叶和欢多少看出,严舆跟自己父母之间存在矛盾,她来云南后,事实跟她预想的似乎有出入……
车子在一处十字路口停下。
“阿舆……”叶和欢刚想说话,就被严舆打断:“来云南,为什么不先跟我说一声?”
他的语气暗含了责备,还有隐隐的不耐烦。
“原本想给你一个惊喜来着。”叶和欢没有提严母,望着他那双琥珀色的眼眸:“你不高兴了?”
严舆转头,对上她笑吟吟的小脸,看到她有些浓的黑眼圈,新生不忍,语气也缓和:“没有,只是你过来应该提前通知我。”
后头的轿车按了按喇叭。
严舆重新发动车子,一边对她说:“我帮你在酒店订个房间。”
叶和欢点头,没有任何异议。
……
洲际酒店。
叶和欢蹬掉靴子,往双人*上一躺,心满意足地喟叹:“好舒服!”
洗手间半毛玻璃上倒映出一道修长的身影,严舆接电话的声音隐隐传来。
她起身,走过去,趴在洗手间门口。
严舆瞥见她,跟电话那边说了句‘先挂了’就结束通话,低头看见她蜷缩的脚趾头,皱眉:“怎么不穿拖鞋?”

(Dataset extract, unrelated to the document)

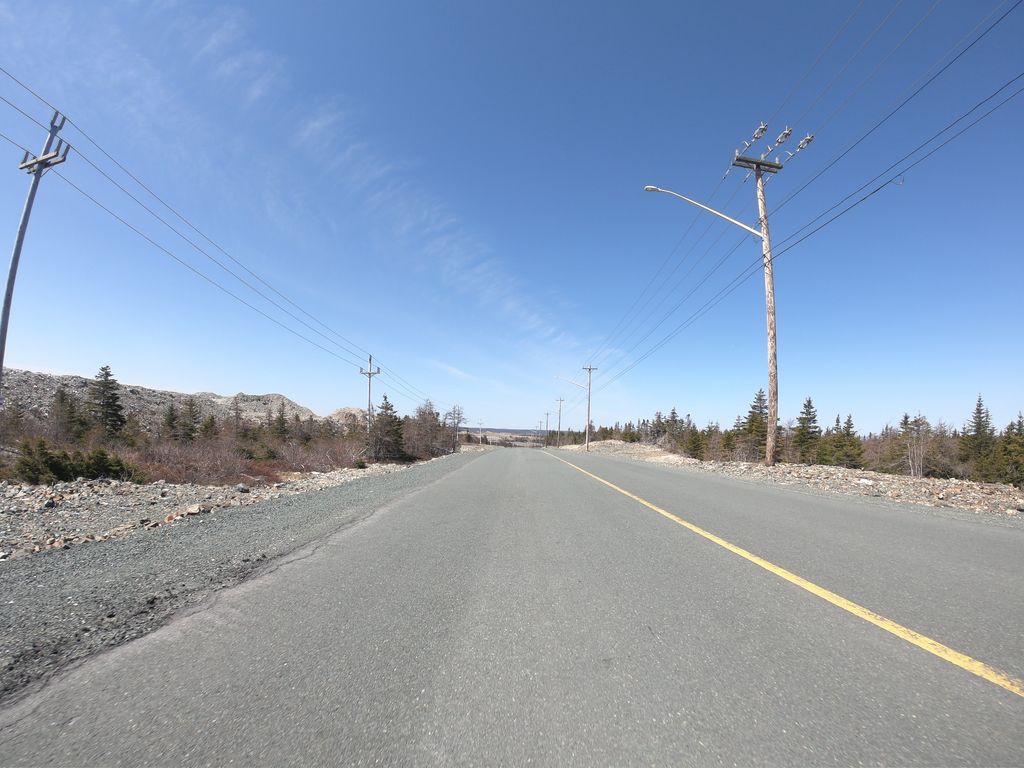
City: st_johns

说话间,他已经从鞋柜里拿了一次性拖鞋,拆了包装递给她:“穿上。”
“哦。”叶和欢乖乖套上纸拖。
她抬起头,发现严舆正双手抄袋站在*边盯着自己,有些失神,抬手在他眼前晃了晃:“在想什么好事?”
“没什么。”
严舆转身到旁边,拧开一瓶矿泉水,刚喝了口水,腰已经被人从后抱住。
动作微微一顿。
叶和欢的脸贴着他的背,吸了吸鼻子:“阿舆,我在渥太华找不到你,以为你出事了,真的很担心。”
下一瞬,她的双手已经被拉开。
严舆不动声色地坐到*上,打开了电视,淡淡道:“回来得太匆忙,很多事都没交代清楚。”
叶和欢在他旁边坐下。
“阿舆,你说,我是留在云南陪你,还是先回温哥华去?”她一直盯着他的侧脸。
“这个决定权在你。”
严舆放下遥控器,站了起来,叶和欢仰起头看他,他拿了搁在书桌上的车钥匙:“我还有事,先走了。”
叶和欢想起了什么,喊住他:“你等一下。”
严舆停下脚步看向她。
她翻下拉杆箱,从里面扒拉出一个盒子,蹭到他跟前,递给他:“喏,这是给你爸爸的,你上次不是说叔叔喜欢青花瓷吗?”
严舆低头看着那个包装精美的盒子,能猜到里面是什么,没有伸手接,只是说:“这个你送给你爷爷吧。”
叶和欢期待的目光黯淡下去,张嘴想说话,刚巧,他的手机有电话进来。
严舆看了下来电显示,对她说了一句‘如果累了,睡个午觉’,然后拉开门离开了房间。
房门当着她的面咔嚓一声合上。
叶和欢怀里还抱着那个包得严严实实的花瓶,电视机里传来观众的笑声,可是她却一点也笑不出来。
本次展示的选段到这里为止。